Task to complete
Every entry below is to be copied exactly, apart from any picture it holds.

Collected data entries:
--- --- ---
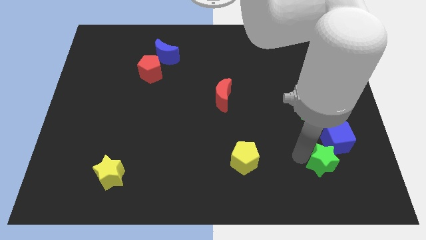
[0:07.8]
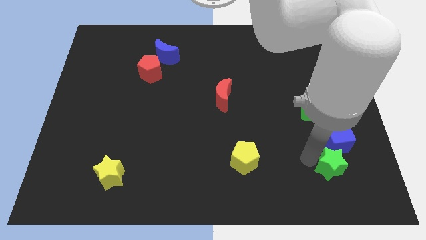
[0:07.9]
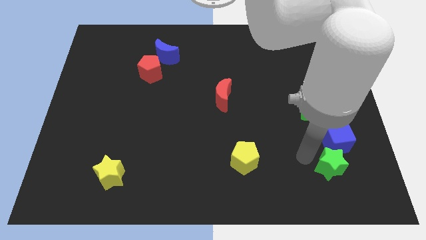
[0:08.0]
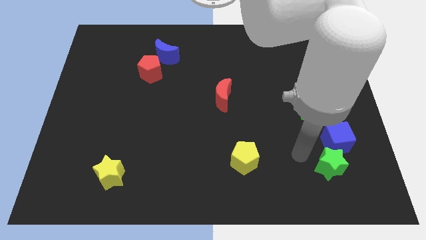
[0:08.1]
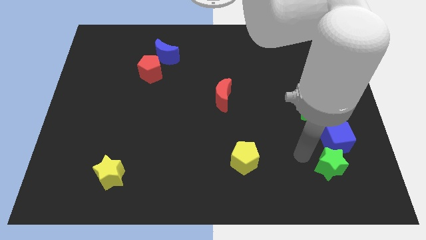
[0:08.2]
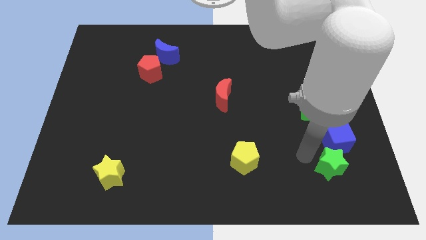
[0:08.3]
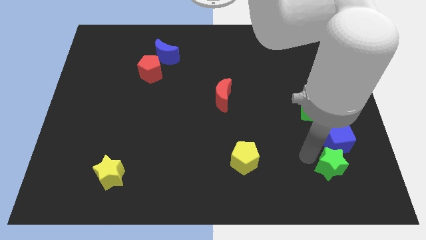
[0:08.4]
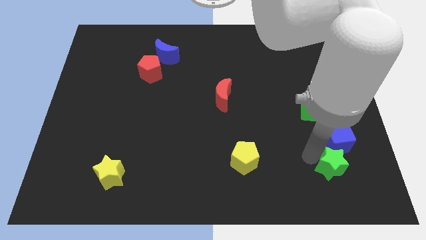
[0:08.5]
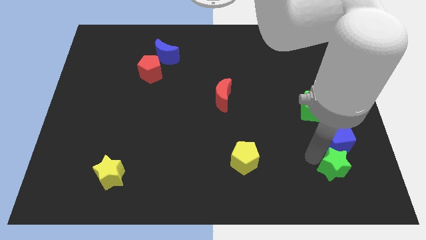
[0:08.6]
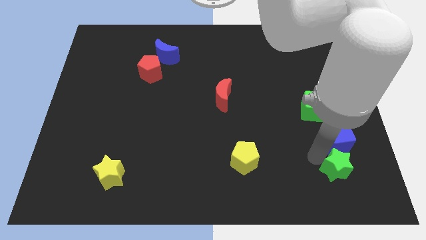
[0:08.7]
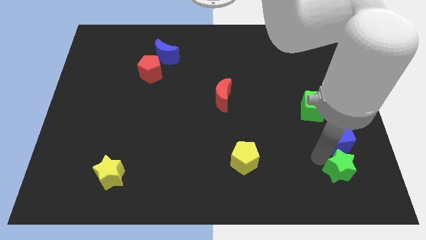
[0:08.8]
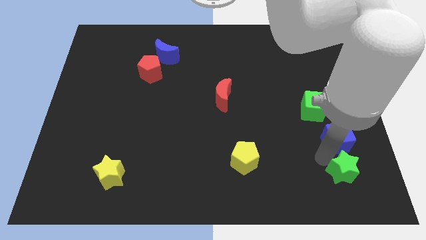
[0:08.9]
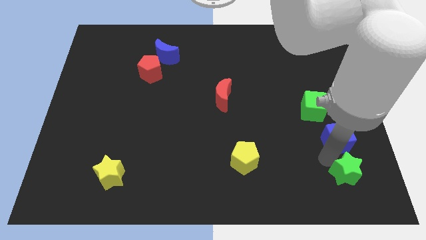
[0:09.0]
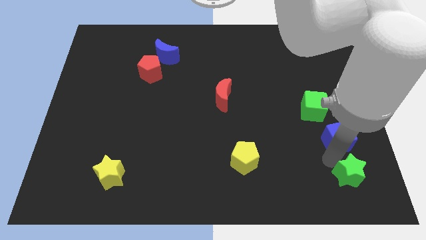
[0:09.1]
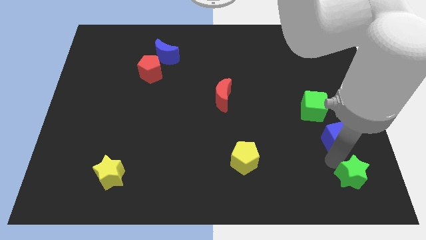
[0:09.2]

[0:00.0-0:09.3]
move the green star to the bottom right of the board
--- --- ---
Reply to the task
[0:07.8]
[0:07.9]
[0:08.0]
[0:08.1]
[0:08.2]
[0:08.3]
[0:08.4]
[0:08.5]
[0:08.6]
[0:08.7]
[0:08.8]
[0:08.9]
[0:09.0]
[0:09.1]
[0:09.2]

[0:00.0-0:09.3]
move the green star to the bottom right of the board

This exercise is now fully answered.